> **Task statement**
Skip the images and return the records below exactly.

> **Dataset**
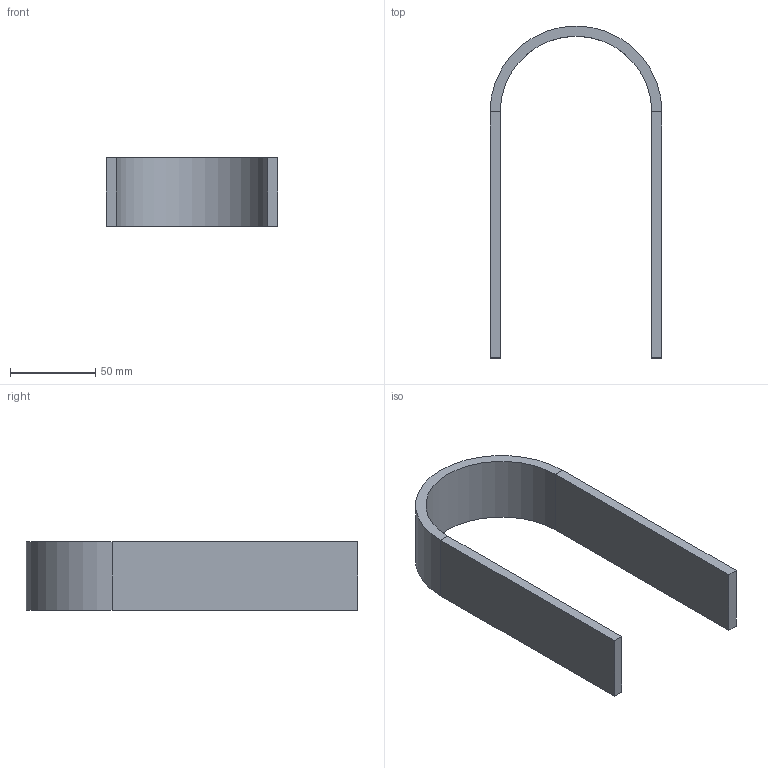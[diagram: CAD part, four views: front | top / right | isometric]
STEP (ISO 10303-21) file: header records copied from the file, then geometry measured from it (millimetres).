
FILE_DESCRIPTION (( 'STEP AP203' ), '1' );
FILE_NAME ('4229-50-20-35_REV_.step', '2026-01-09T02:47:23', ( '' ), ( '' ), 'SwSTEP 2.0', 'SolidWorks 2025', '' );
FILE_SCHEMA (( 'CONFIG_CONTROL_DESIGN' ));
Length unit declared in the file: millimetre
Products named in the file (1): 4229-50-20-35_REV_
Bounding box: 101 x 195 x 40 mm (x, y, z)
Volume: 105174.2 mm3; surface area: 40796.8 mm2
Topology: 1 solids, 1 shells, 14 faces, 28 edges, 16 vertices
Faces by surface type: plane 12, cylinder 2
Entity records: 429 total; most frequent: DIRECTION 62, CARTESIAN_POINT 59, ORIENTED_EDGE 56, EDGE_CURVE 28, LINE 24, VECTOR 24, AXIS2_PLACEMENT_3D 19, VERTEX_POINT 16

> **Output for this task**
[diagram: CAD part, four views: front | top / right | isometric]
STEP (ISO 10303-21) file: header records copied from the file, then geometry measured from it (millimetres).
FILE_DESCRIPTION (( 'STEP AP203' ), '1' );
FILE_NAME ('4229-50-20-35_REV_.step', '2026-01-09T02:47:23', ( '' ), ( '' ), 'SwSTEP 2.0', 'SolidWorks 2025', '' );
FILE_SCHEMA (( 'CONFIG_CONTROL_DESIGN' ));
Length unit declared in the file: millimetre
Products named in the file (1): 4229-50-20-35_REV_
Bounding box: 101 x 195 x 40 mm (x, y, z)
Volume: 105174.2 mm3; surface area: 40796.8 mm2
Topology: 1 solids, 1 shells, 14 faces, 28 edges, 16 vertices
Faces by surface type: plane 12, cylinder 2
Entity records: 429 total; most frequent: DIRECTION 62, CARTESIAN_POINT 59, ORIENTED_EDGE 56, EDGE_CURVE 28, LINE 24, VECTOR 24, AXIS2_PLACEMENT_3D 19, VERTEX_POINT 16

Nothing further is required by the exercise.